Records from a data collection

=== Begin Enclosure ===

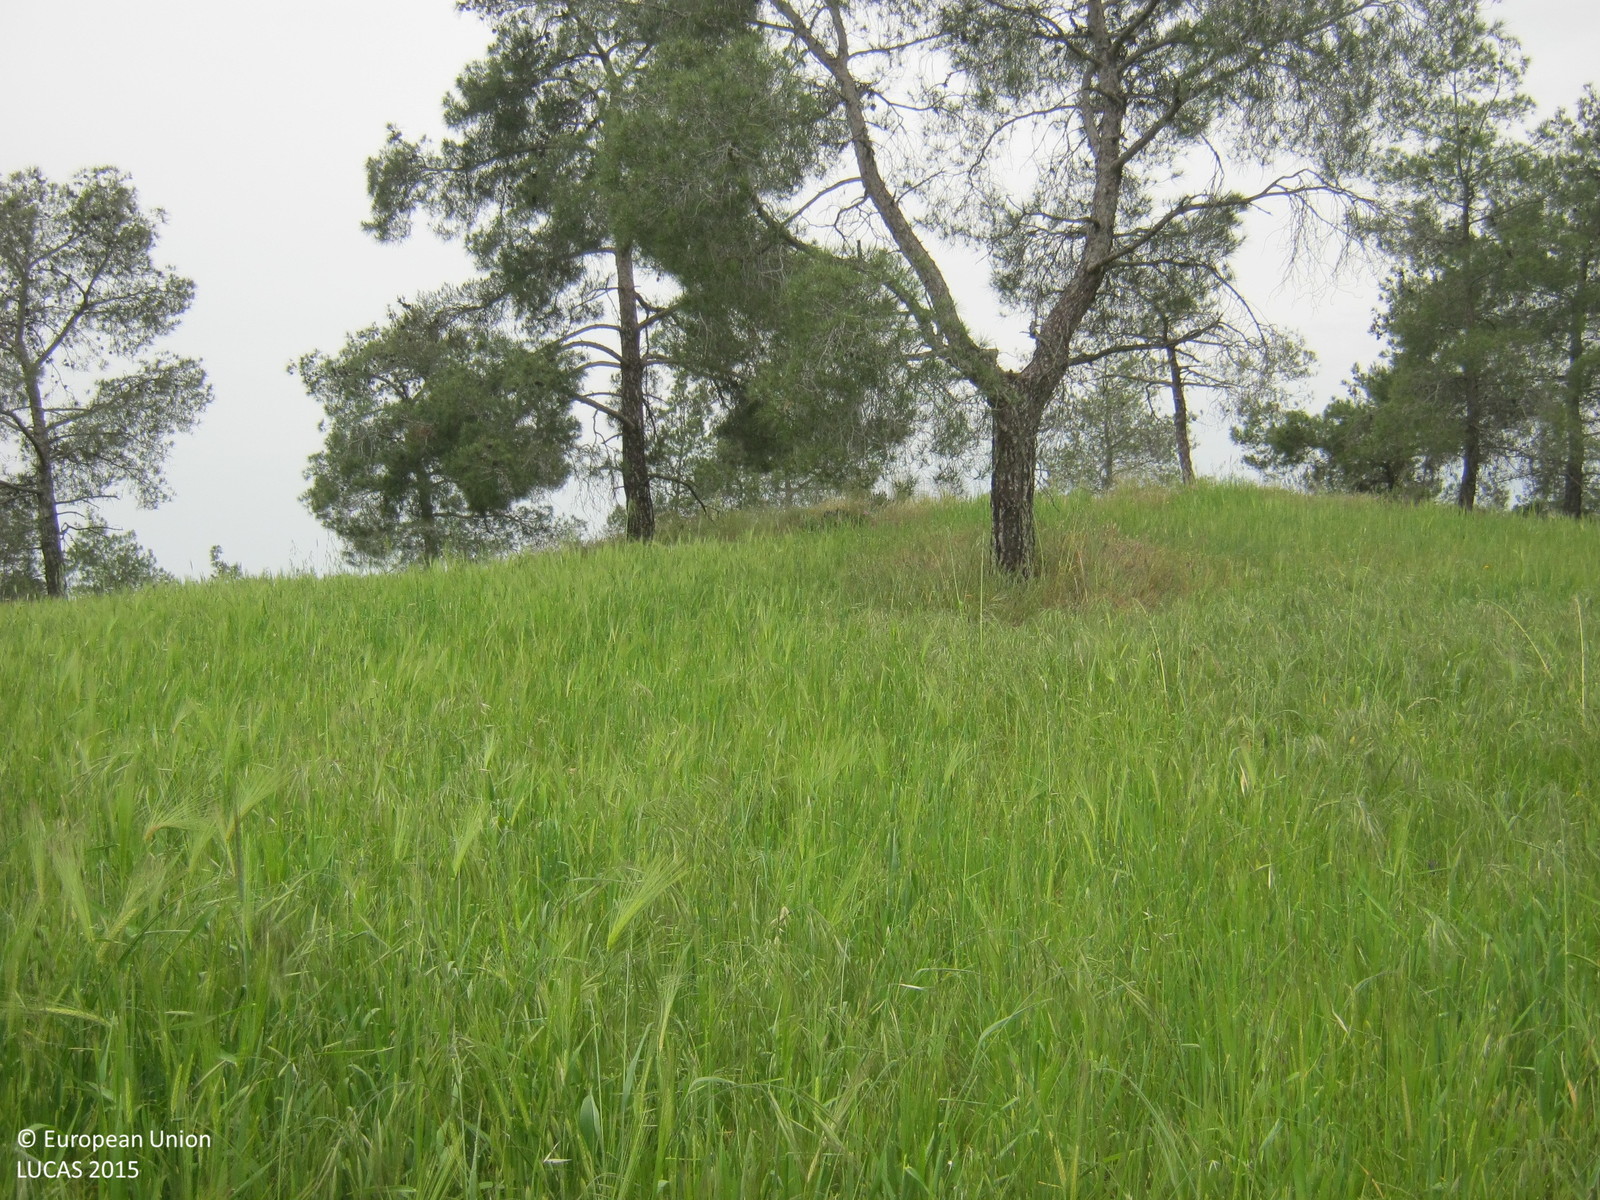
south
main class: Cropland
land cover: Common wheat
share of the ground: > 75 %
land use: Agriculture (excluding fallow land and kitchen gardens)
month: April
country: CY
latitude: 34.9263
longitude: 33.3604
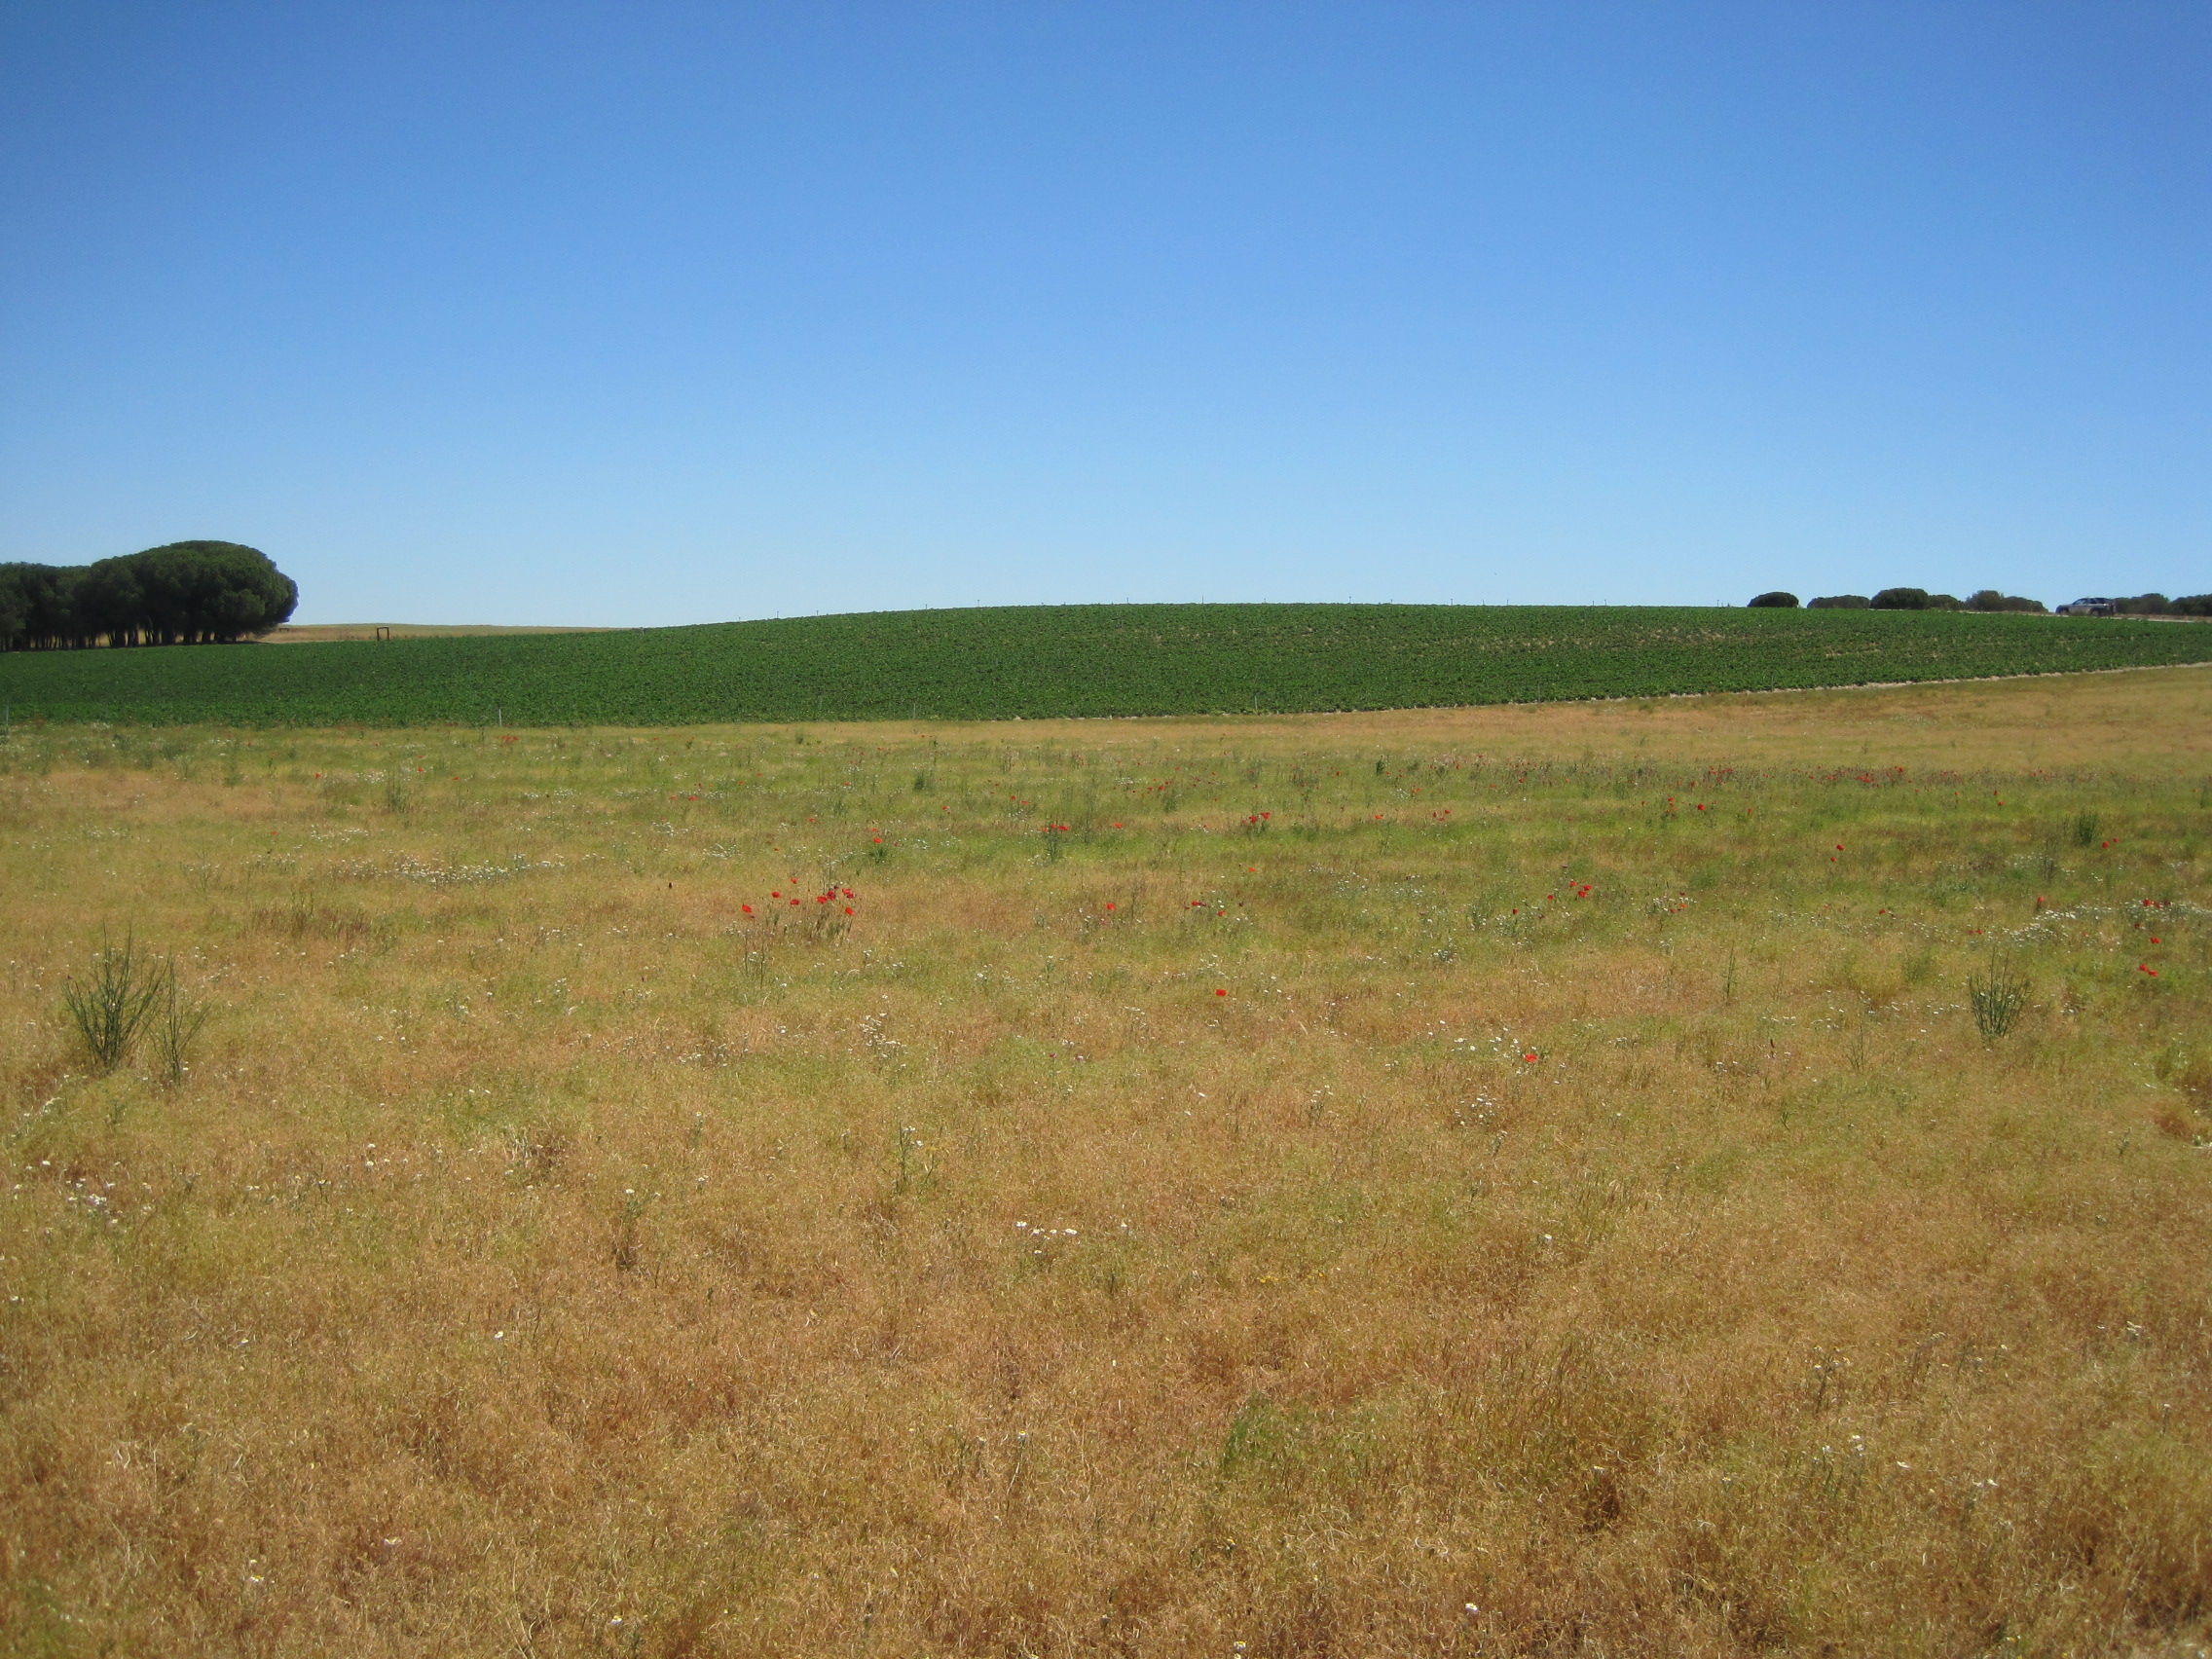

=== End Enclosure ===

What you are asked to do ::
Word for word, give the entries above again, with no images included.

Exercise answer ::
south
main class: Cropland
land cover: Common wheat
share of the ground: > 75 %
land use: Agriculture (excluding fallow land and kitchen gardens)
month: April
country: CY
latitude: 34.9263
longitude: 33.3604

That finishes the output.